● **GOAL OF THE EXERCISE**
After removing every image, reproduce the data exactly as it appears.

■ ■ ■ ■ ■ ■ ■

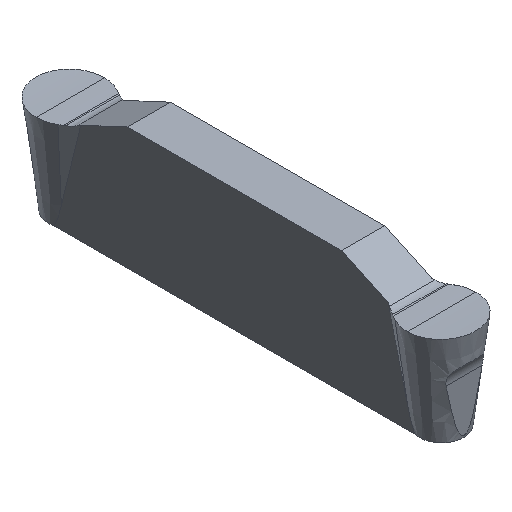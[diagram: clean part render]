
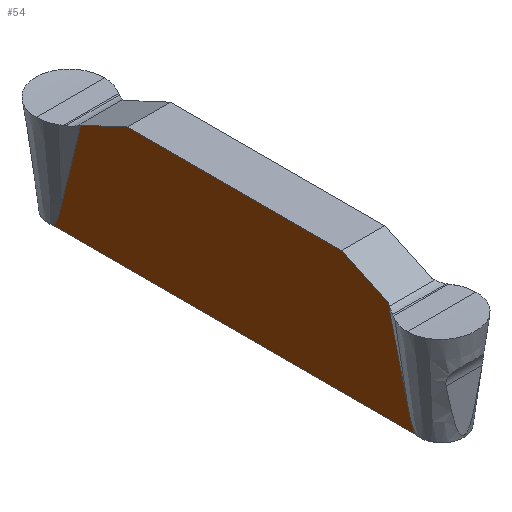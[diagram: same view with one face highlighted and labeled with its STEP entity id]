
A CAD part, isometric view. The second image highlights one B-rep face of the part: STEP entity #54.
In plain terms, the highlighted planar face has unit normal (-1, 0, 0).
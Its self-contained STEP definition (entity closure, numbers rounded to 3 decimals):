
#54=ADVANCED_FACE('SIDE_IB_1_SU5',(#92),#78,.F.);
#78=PLANE('',#494);
#92=FACE_OUTER_BOUND('',#114,.T.);
#114=EDGE_LOOP('',(#147,#148,#149,#150,#151,#152,#153,#154));
#147=ORIENTED_EDGE('',*,*,#307,.F.);
#148=ORIENTED_EDGE('',*,*,#308,.F.);
#149=ORIENTED_EDGE('',*,*,#309,.F.);
#150=ORIENTED_EDGE('',*,*,#310,.F.);
#151=ORIENTED_EDGE('',*,*,#311,.F.);
#152=ORIENTED_EDGE('',*,*,#312,.F.);
#153=ORIENTED_EDGE('',*,*,#313,.F.);
#154=ORIENTED_EDGE('',*,*,#314,.F.);
#267=VERTEX_POINT('',#697);
#268=VERTEX_POINT('',#698);
#269=VERTEX_POINT('',#700);
#270=VERTEX_POINT('',#705);
#271=VERTEX_POINT('',#707);
#272=VERTEX_POINT('',#712);
#273=VERTEX_POINT('',#714);
#274=VERTEX_POINT('',#716);
#307=EDGE_CURVE('',#267,#268,#365,.T.);
#308=EDGE_CURVE('',#269,#267,#366,.T.);
#309=EDGE_CURVE('',#270,#269,#447,.T.);
#310=EDGE_CURVE('',#271,#270,#367,.T.);
#311=EDGE_CURVE('',#272,#271,#448,.T.);
#312=EDGE_CURVE('',#273,#272,#368,.T.);
#313=EDGE_CURVE('',#274,#273,#369,.T.);
#314=EDGE_CURVE('',#268,#274,#370,.T.);
#365=LINE('',#696,#401);
#366=LINE('',#699,#402);
#367=LINE('',#706,#403);
#368=LINE('',#713,#404);
#369=LINE('',#715,#405);
#370=LINE('',#717,#406);
#401=VECTOR('',#527,1.);
#402=VECTOR('',#528,1.);
#403=VECTOR('',#529,1.);
#404=VECTOR('',#530,1.);
#405=VECTOR('',#531,1.);
#406=VECTOR('',#532,1.);
#447=B_SPLINE_CURVE_WITH_KNOTS('',3,(#701,#702,#703,#704),.UNSPECIFIED.,
 .F.,.F.,(4,4),(0.,1.),.UNSPECIFIED.);
#448=B_SPLINE_CURVE_WITH_KNOTS('',3,(#708,#709,#710,#711),.UNSPECIFIED.,
 .F.,.F.,(4,4),(0.,1.),.UNSPECIFIED.);
#494=AXIS2_PLACEMENT_3D('',#718,#533,#534);
#527=DIRECTION('',(0.,-0.906,0.423));
#528=DIRECTION('',(0.,-0.238,0.971));
#529=DIRECTION('',(0.,1.,0.));
#530=DIRECTION('',(0.,-0.238,-0.971));
#531=DIRECTION('',(0.,-0.906,-0.423));
#532=DIRECTION('',(0.,-1.,0.));
#533=DIRECTION('',(1.,0.,0.));
#534=DIRECTION('',(0.,0.,-1.));
#696=CARTESIAN_POINT('',(-1.,1.325,2.842));
#697=CARTESIAN_POINT('',(-1.,7.146,0.128));
#698=CARTESIAN_POINT('',(-1.,4.975,1.14));
#699=CARTESIAN_POINT('',(-1.,6.769,1.662));
#700=CARTESIAN_POINT('',(-1.,8.048,-3.545));
#701=CARTESIAN_POINT('',(-1.,8.368,-4.54));
#702=CARTESIAN_POINT('',(-1.,8.209,-4.218));
#703=CARTESIAN_POINT('',(-1.,8.13,-3.881));
#704=CARTESIAN_POINT('',(-1.,8.048,-3.545));
#705=CARTESIAN_POINT('',(-1.,8.368,-4.54));
#706=CARTESIAN_POINT('',(-1.,0.,-4.54));
#707=CARTESIAN_POINT('',(-1.,-8.368,-4.54));
#708=CARTESIAN_POINT('',(-1.,-8.048,-3.545));
#709=CARTESIAN_POINT('',(-1.,-8.13,-3.881));
#710=CARTESIAN_POINT('',(-1.,-8.209,-4.218));
#711=CARTESIAN_POINT('',(-1.,-8.368,-4.54));
#712=CARTESIAN_POINT('',(-1.,-8.048,-3.545));
#713=CARTESIAN_POINT('',(-1.,-6.769,1.662));
#714=CARTESIAN_POINT('',(-1.,-7.146,0.128));
#715=CARTESIAN_POINT('',(-1.,-1.325,2.842));
#716=CARTESIAN_POINT('',(-1.,-4.975,1.14));
#717=CARTESIAN_POINT('',(-1.,0.,1.14));
#718=CARTESIAN_POINT('',(-1.,0.,0.));

■ ■ ■ ■ ■ ■ ■

● **TASK SOLUTION**
[diagram: clean part render]
[diagram: same view with one face highlighted and labeled with its STEP entity id]
A CAD part, isometric view. The second image highlights one B-rep face of the part: STEP entity #54.
In plain terms, the highlighted planar face has unit normal (-1, 0, 0).
Its self-contained STEP definition (entity closure, numbers rounded to 3 decimals):
#54=ADVANCED_FACE('SIDE_IB_1_SU5',(#92),#78,.F.);
#78=PLANE('',#494);
#92=FACE_OUTER_BOUND('',#114,.T.);
#114=EDGE_LOOP('',(#147,#148,#149,#150,#151,#152,#153,#154));
#147=ORIENTED_EDGE('',*,*,#307,.F.);
#148=ORIENTED_EDGE('',*,*,#308,.F.);
#149=ORIENTED_EDGE('',*,*,#309,.F.);
#150=ORIENTED_EDGE('',*,*,#310,.F.);
#151=ORIENTED_EDGE('',*,*,#311,.F.);
#152=ORIENTED_EDGE('',*,*,#312,.F.);
#153=ORIENTED_EDGE('',*,*,#313,.F.);
#154=ORIENTED_EDGE('',*,*,#314,.F.);
#267=VERTEX_POINT('',#697);
#268=VERTEX_POINT('',#698);
#269=VERTEX_POINT('',#700);
#270=VERTEX_POINT('',#705);
#271=VERTEX_POINT('',#707);
#272=VERTEX_POINT('',#712);
#273=VERTEX_POINT('',#714);
#274=VERTEX_POINT('',#716);
#307=EDGE_CURVE('',#267,#268,#365,.T.);
#308=EDGE_CURVE('',#269,#267,#366,.T.);
#309=EDGE_CURVE('',#270,#269,#447,.T.);
#310=EDGE_CURVE('',#271,#270,#367,.T.);
#311=EDGE_CURVE('',#272,#271,#448,.T.);
#312=EDGE_CURVE('',#273,#272,#368,.T.);
#313=EDGE_CURVE('',#274,#273,#369,.T.);
#314=EDGE_CURVE('',#268,#274,#370,.T.);
#365=LINE('',#696,#401);
#366=LINE('',#699,#402);
#367=LINE('',#706,#403);
#368=LINE('',#713,#404);
#369=LINE('',#715,#405);
#370=LINE('',#717,#406);
#401=VECTOR('',#527,1.);
#402=VECTOR('',#528,1.);
#403=VECTOR('',#529,1.);
#404=VECTOR('',#530,1.);
#405=VECTOR('',#531,1.);
#406=VECTOR('',#532,1.);
#447=B_SPLINE_CURVE_WITH_KNOTS('',3,(#701,#702,#703,#704),.UNSPECIFIED.,
 .F.,.F.,(4,4),(0.,1.),.UNSPECIFIED.);
#448=B_SPLINE_CURVE_WITH_KNOTS('',3,(#708,#709,#710,#711),.UNSPECIFIED.,
 .F.,.F.,(4,4),(0.,1.),.UNSPECIFIED.);
#494=AXIS2_PLACEMENT_3D('',#718,#533,#534);
#527=DIRECTION('',(0.,-0.906,0.423));
#528=DIRECTION('',(0.,-0.238,0.971));
#529=DIRECTION('',(0.,1.,0.));
#530=DIRECTION('',(0.,-0.238,-0.971));
#531=DIRECTION('',(0.,-0.906,-0.423));
#532=DIRECTION('',(0.,-1.,0.));
#533=DIRECTION('',(1.,0.,0.));
#534=DIRECTION('',(0.,0.,-1.));
#696=CARTESIAN_POINT('',(-1.,1.325,2.842));
#697=CARTESIAN_POINT('',(-1.,7.146,0.128));
#698=CARTESIAN_POINT('',(-1.,4.975,1.14));
#699=CARTESIAN_POINT('',(-1.,6.769,1.662));
#700=CARTESIAN_POINT('',(-1.,8.048,-3.545));
#701=CARTESIAN_POINT('',(-1.,8.368,-4.54));
#702=CARTESIAN_POINT('',(-1.,8.209,-4.218));
#703=CARTESIAN_POINT('',(-1.,8.13,-3.881));
#704=CARTESIAN_POINT('',(-1.,8.048,-3.545));
#705=CARTESIAN_POINT('',(-1.,8.368,-4.54));
#706=CARTESIAN_POINT('',(-1.,0.,-4.54));
#707=CARTESIAN_POINT('',(-1.,-8.368,-4.54));
#708=CARTESIAN_POINT('',(-1.,-8.048,-3.545));
#709=CARTESIAN_POINT('',(-1.,-8.13,-3.881));
#710=CARTESIAN_POINT('',(-1.,-8.209,-4.218));
#711=CARTESIAN_POINT('',(-1.,-8.368,-4.54));
#712=CARTESIAN_POINT('',(-1.,-8.048,-3.545));
#713=CARTESIAN_POINT('',(-1.,-6.769,1.662));
#714=CARTESIAN_POINT('',(-1.,-7.146,0.128));
#715=CARTESIAN_POINT('',(-1.,-1.325,2.842));
#716=CARTESIAN_POINT('',(-1.,-4.975,1.14));
#717=CARTESIAN_POINT('',(-1.,0.,1.14));
#718=CARTESIAN_POINT('',(-1.,0.,0.));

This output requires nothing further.